Number of Reads,268206181 Reads With Valid Barcodes,0.0049698 Sequencing Saturation,0.89122 Q30 Bases in CB+UMI,0.911059 Q30 Bases in RNA read,0.873691 Reads Mapped to Genome: Unique+Multiple,0.857543 Reads Mapped to Genome: Unique,0.743028 Reads Mapped to Gene: Unique+Multipe Gene,0.00239027 Reads Mapped to Gene: Unique Gene,0.00234211 Estimated Number of Cells,59324 Unique Reads in Cells Mapped to Gene,628019 Fraction of Unique Reads in Cells,0.999761 Mean Reads per Cell,10 Median Reads per Cell,2 UMIs in Cells,68332 Mean UMI per Cell,1 Median UMI per Cell,1 Mean Gene per Cell,1 Median Gene per Cell,1 Total Gene Detected,12246

alexdobin commented 2 years ago

Hi Jeffrey,

I think the 10X-5' protocol has barcode on read1. So if you use --soloBarcodeMate 1 you need to supply read1 and read2 files in the normal order: --readFilesIn read1.fq read2.fq.

Cheers Alex

cartographerJ commented 2 years ago

Hi Alex, thanks for the response! Will test and get back here to close this.

JihedC commented 2 years ago

Hi @cartographerJ ,

Did the suggestion help to fix the problem?

cartographerJ commented 2 years ago

Things definitely ran, but the cell numbers/counts were pretty different from cellranger 5.0.0, unlike with the 3’ kits where you get almost perfect concordance between cellranger and star-solo

JihedC commented 2 years ago

Hi @cartographerJ ,

That's exactly the same for me. We used CellRanger 6.0.0 and measured ~9000 cells per sample while with STAR solo, I get only 4000 cells per sample. I have tried to add different arguments following the issues I could find on github, but that did not improve the output. If you ever find a fix, please let me know :)
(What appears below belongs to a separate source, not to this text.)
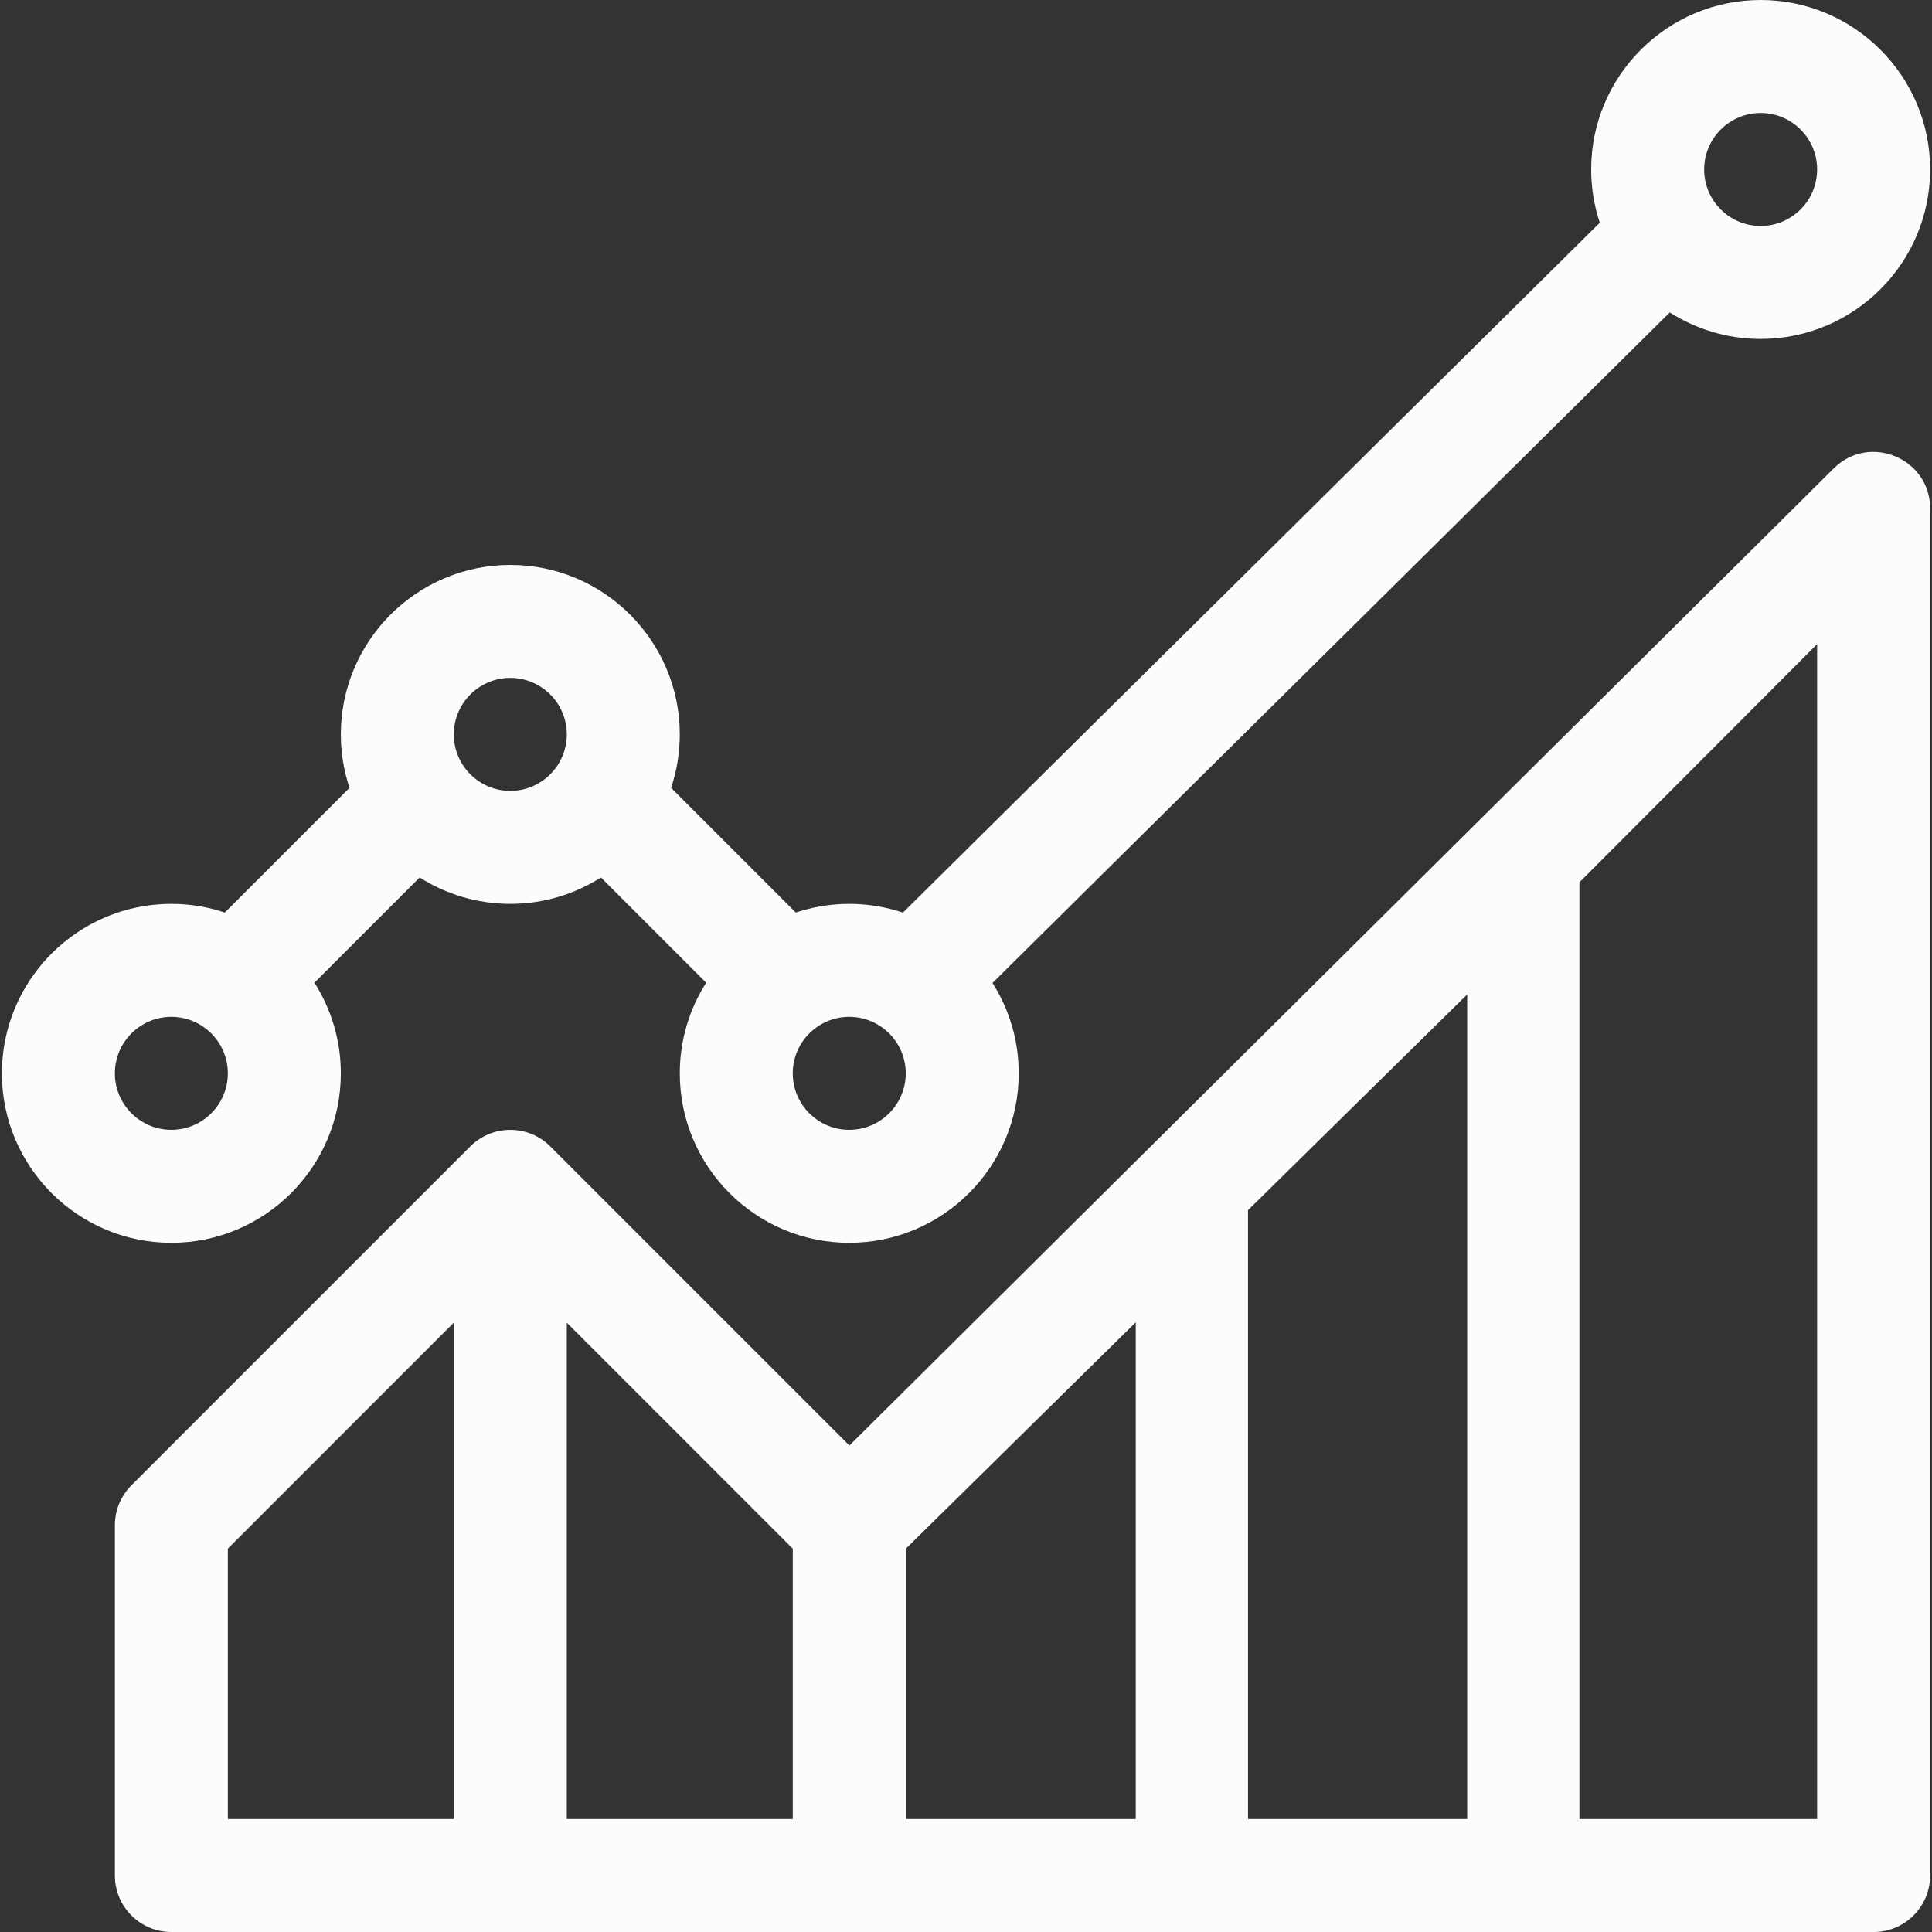 <?xml version="1.0" encoding="UTF-8"?> <svg xmlns="http://www.w3.org/2000/svg" width="512" height="512" viewBox="0 0 512 512" fill="none"><rect x="0" y="0" width="512" height="512" fill="#333333" stroke="none"/> <g clip-path="url(#clip0)"> <path d="M466.589 0C441.824 0 421.677 20.148 421.677 44.912C421.677 49.842 422.487 54.584 423.962 59.026L239.288 241.856C234.814 240.358 230.033 239.533 225.061 239.533C220.11 239.533 215.348 240.35 210.891 241.838L177.846 208.793C179.333 204.335 180.149 199.574 180.149 194.623C180.149 169.858 160.001 149.711 135.237 149.711C110.472 149.711 90.325 169.859 90.325 194.623C90.325 199.574 91.142 204.335 92.628 208.793L59.583 241.838C55.126 240.351 50.364 239.533 45.413 239.533C20.648 239.533 0.501 259.681 0.501 284.445C0.501 309.21 20.649 329.357 45.413 329.357C70.177 329.357 90.325 309.209 90.325 284.445C90.325 275.615 87.753 267.38 83.335 260.428L111.221 232.543C118.172 236.961 126.408 239.532 135.238 239.532C144.068 239.532 152.303 236.96 159.255 232.543L187.141 260.428C182.723 267.38 180.151 275.615 180.151 284.445C180.151 309.21 200.299 329.357 225.063 329.357C249.827 329.357 269.975 309.209 269.975 284.445C269.975 275.642 267.419 267.429 263.025 260.491L442.511 82.795C449.475 87.237 457.733 89.824 466.589 89.824C491.354 89.824 511.501 69.676 511.501 44.912C511.501 20.148 491.353 0 466.589 0ZM45.411 299.415C37.156 299.415 30.44 292.699 30.44 284.444C30.44 276.189 37.156 269.473 45.411 269.473C53.666 269.473 60.382 276.189 60.382 284.444C60.382 292.699 53.666 299.415 45.411 299.415ZM135.236 209.591C126.981 209.591 120.265 202.875 120.265 194.62C120.265 186.365 126.981 179.649 135.236 179.649C143.491 179.649 150.207 186.365 150.207 194.62C150.207 202.875 143.491 209.591 135.236 209.591ZM225.06 299.415C216.805 299.415 210.089 292.699 210.089 284.444C210.089 276.189 216.805 269.473 225.06 269.473C233.315 269.473 240.031 276.189 240.031 284.444C240.031 292.699 233.315 299.415 225.06 299.415ZM466.589 59.883C458.334 59.883 451.618 53.167 451.618 44.912C451.618 36.657 458.334 29.941 466.589 29.941C474.844 29.941 481.56 36.657 481.56 44.912C481.56 53.167 474.844 59.883 466.589 59.883Z" fill="#FDFCFC"></path> <path d="M485.984 124.112C472.085 137.909 233.567 374.672 225.1 383.076C223.98 381.956 146.756 304.731 145.772 303.754C139.978 298.01 130.515 297.939 124.648 303.802L34.826 393.625C32.019 396.434 30.441 400.24 30.441 404.211V497.03C30.441 505.298 37.144 512.001 45.412 512.001H496.53C504.798 512.001 511.501 505.298 511.501 497.03V134.737C511.501 121.457 495.407 114.755 485.984 124.112ZM120.265 482.058H60.382V410.411L120.265 350.528V482.058ZM210.09 482.058H150.207V350.528L210.09 410.41V482.058ZM300.989 482.058H240.031V410.442L300.989 350.428V482.058ZM388.821 482.058H330.731V320.707L388.821 263.54V482.058ZM481.559 482.058H418.562V233.819L481.559 170.691V482.058Z" fill="#FDFCFC"></path> </g> <defs> <clipPath id="clip0"> <rect width="512" height="512" fill="white"></rect> </clipPath> </defs> </svg>

camelest commented 2 years ago

Hi, @cartographerJ and @JihedC, I'm just wondering whether you found any solution. I also have only half #cells when processed by STARsolo. Also the #reads per cell were significantly low.

cartographerJ commented 2 years ago

I have not figured this out, but would love for it to be solved @alexdobin so that I can use Starsolo instead of Cellranger

camelest commented 2 years ago

@cartographerJ @alexdobin I see, thank you so much for your response. I'm pretty sure that the bam file itself looks similar. When I deduplicate the bam files based on CR and UR, it also looks fine. I guess it is just some cell barcode filtering problem. I would also love to use STARsolo over Cellranger in 5' data as well.

JihedC commented 2 years ago

Same here, I didn't get it to work. Following the advices of Alex I got more cells but was still missing 30% of the total cells.